Neste artigo, você vai encontrar os cinco grupos explicados com profundidade técnica: o que são, como funcionam, onde usar e o que diferencia cada um dos outros.
1. Por que classificar biológicos em grupos
A classificação em grupos não é apenas exercício acadêmico. Ela tem consequência direta na recomendação técnica.
Quando um técnico não distingue os grupos, tende a avaliar todos os biológicos pela mesma régua: espera o mesmo tempo de resultado, usa o mesmo critério de compatibilidade, aplica no mesmo momento do ciclo e interpreta a ausência de resultado visual imediato como falha do produto.
Cada um desses julgamentos pode estar correto para um grupo e completamente equivocado para outro.
Um inoculante tem ação mediada por um microrganismo vivo que precisa colonizar a raiz antes de gerar resultado — o efeito é de médio prazo e acumulativo. Um bioinseticida à base de Bacillus thuringiensis mata larva em 24 a 72 horas após a ingestão — o resultado é visível e rápido. Usar o critério de avaliação de um para julgar o outro é uma distorção de análise que gera conclusões erradas.
Além disso, a indústria contribui para a confusão ao posicionar produtos com diferentes funções sob o mesmo guarda-chuva comercial de “biológico” — muitas vezes priorizando o apelo de mercado em detrimento da clareza técnica.
O agrônomo que domina os grupos navega nesse mercado com autonomia. Ele avalia o produto pelo mecanismo, não pelo rótulo.
2. Grupo 1 — Inoculantes
O que são
Produtos formulados com microrganismos vivos — principalmente bactérias — que estabelecem uma relação simbiótica ou associativa com a planta para realizar processos que ela não conseguiria executar sozinha, com destaque para a fixação biológica de nitrogênio (FBN) e a solubilização de fosfato.

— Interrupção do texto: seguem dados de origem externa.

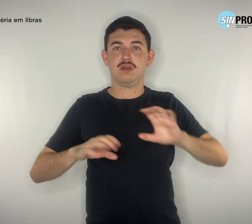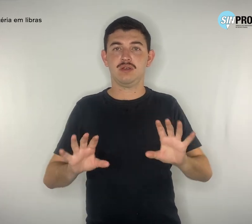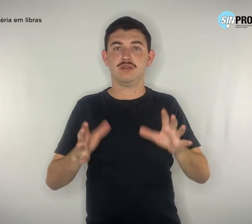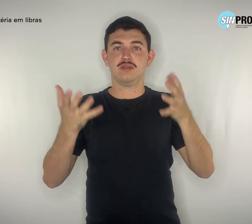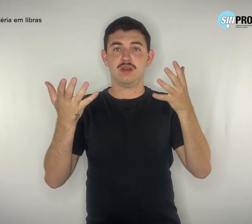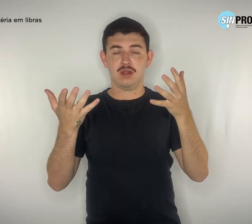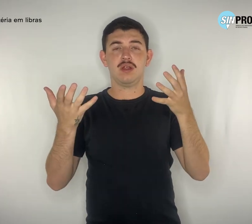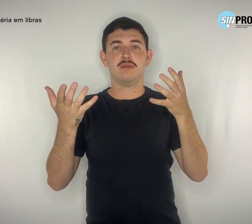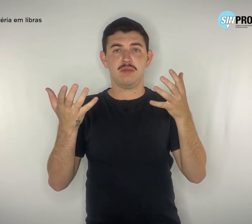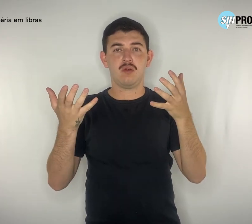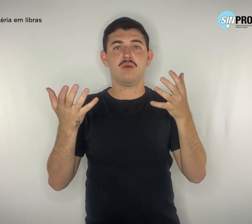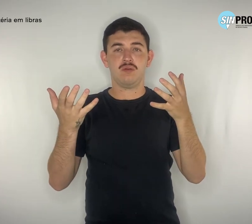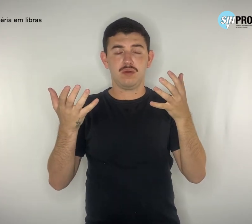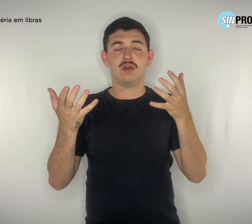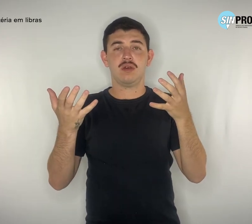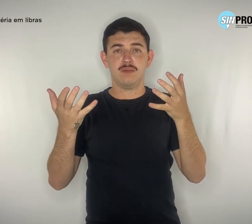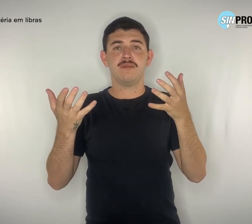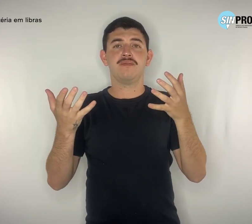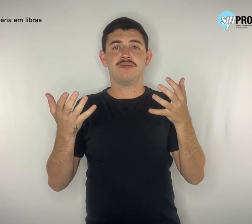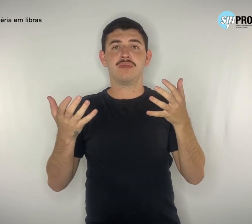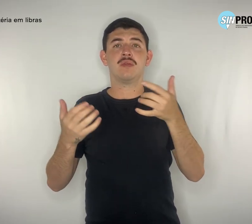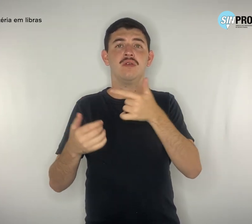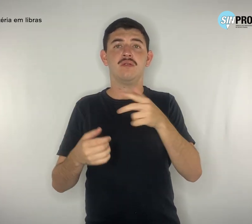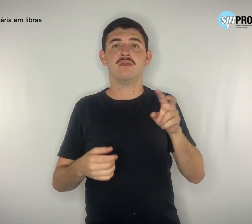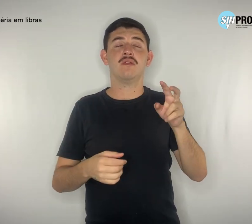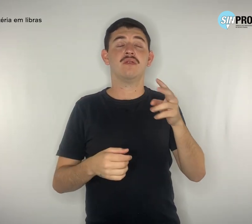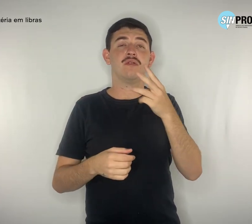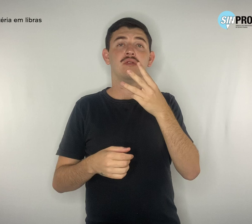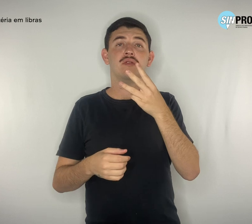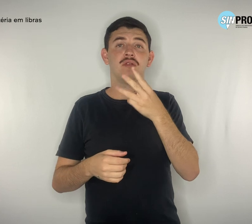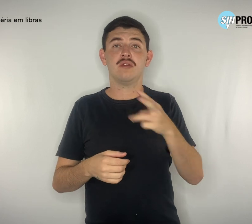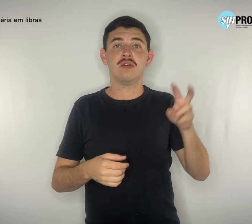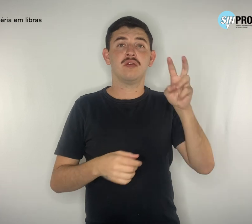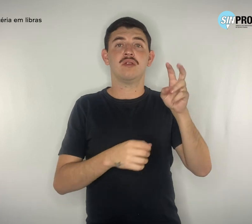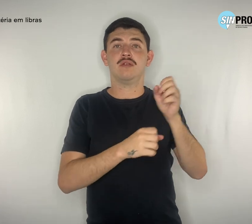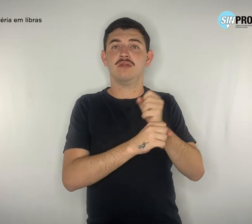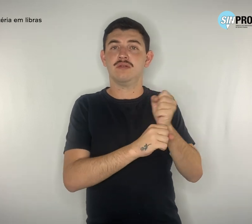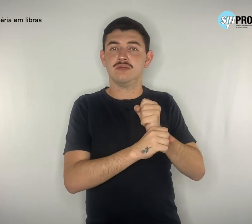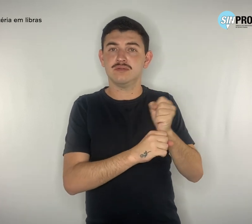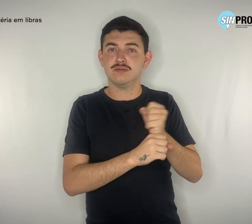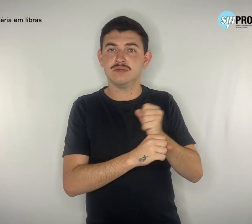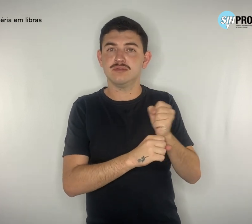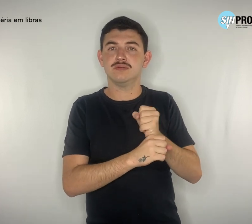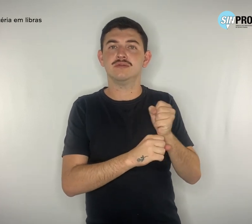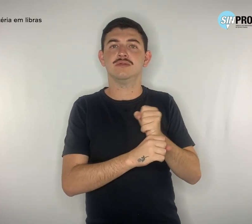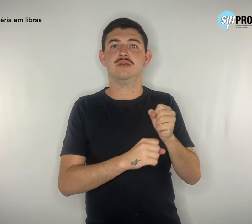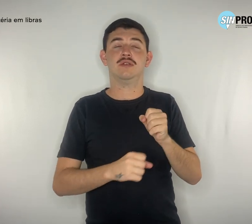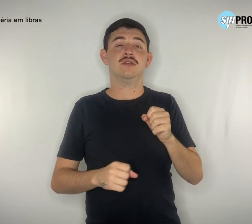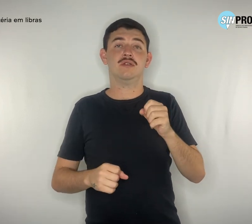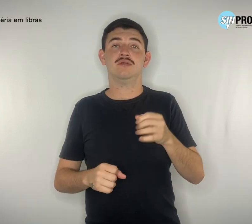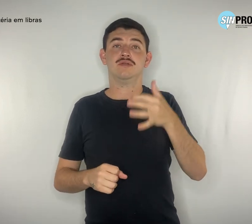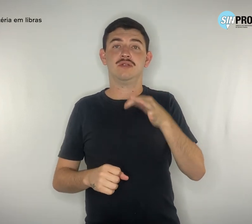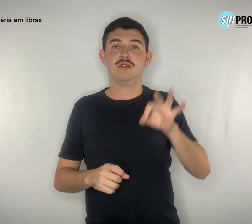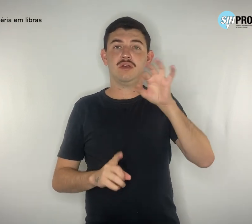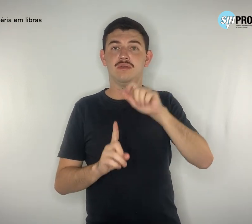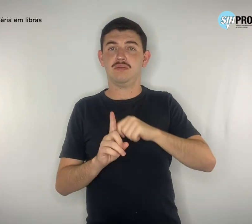1988. Gostaria de dizer, mais do que numa, que é preciso

O inoculante não fornece nutriente. Ele contrata o microrganismo que vai produzi-lo dentro ou ao redor da raiz. Essa distinção é essencial para calibrar a expectativa de resultado e a forma de avaliar a resposta da cultura.
Como funcionam
Na simbiose clássica com leguminosas, bactérias do gênero Bradyrhizobium e Rhizobium infectam as raízes e formam nódulos onde fixam nitrogênio atmosférico (N₂), convertendo-o em amônio (NH₄⁺) — forma diretamente assimilável pela planta. Em condições ideais de solo e manejo, essa simbiose pode suprir até 80% da demanda de nitrogênio da soja, com potencial de substituição de 200 a 300 kg de ureia por hectare.
Em gramíneas, a relação é associativa: bactérias do gênero Azospirillum e Herbaspirillum colonizam a rizosfera sem formação de nódulos, promovendo crescimento radicular, produção de fitohormônios e aumento da disponibilidade de nutrientes no entorno da raiz.
Principais microrganismos
- Bradyrhizobium japonicum e B. elkanii — soja
- Rhizobium spp. — feijão, amendoim
- Azospirillum brasilense — milho, trigo, pastagens
- Herbaspirillum seropedicae — cana-de-açúcar, arroz
- Nitragin spp. — diferentes leguminosas forrageiras
Culturas alvo principais
Soja, feijão, milho, trigo, cana-de-açúcar e pastagens são as culturas com maior volume de uso e evidências mais consolidadas. O uso em outras culturas vem crescendo com o desenvolvimento de novos produtos e o avanço das pesquisas.
Momento de uso
Tratamento de sementes no dia da semeadura ou aplicação no sulco. O resultado é de médio a longo prazo e se potencializa com o uso contínuo ao longo das safras, à medida que a população bacteriana se estabelece e se adapta às condições do solo.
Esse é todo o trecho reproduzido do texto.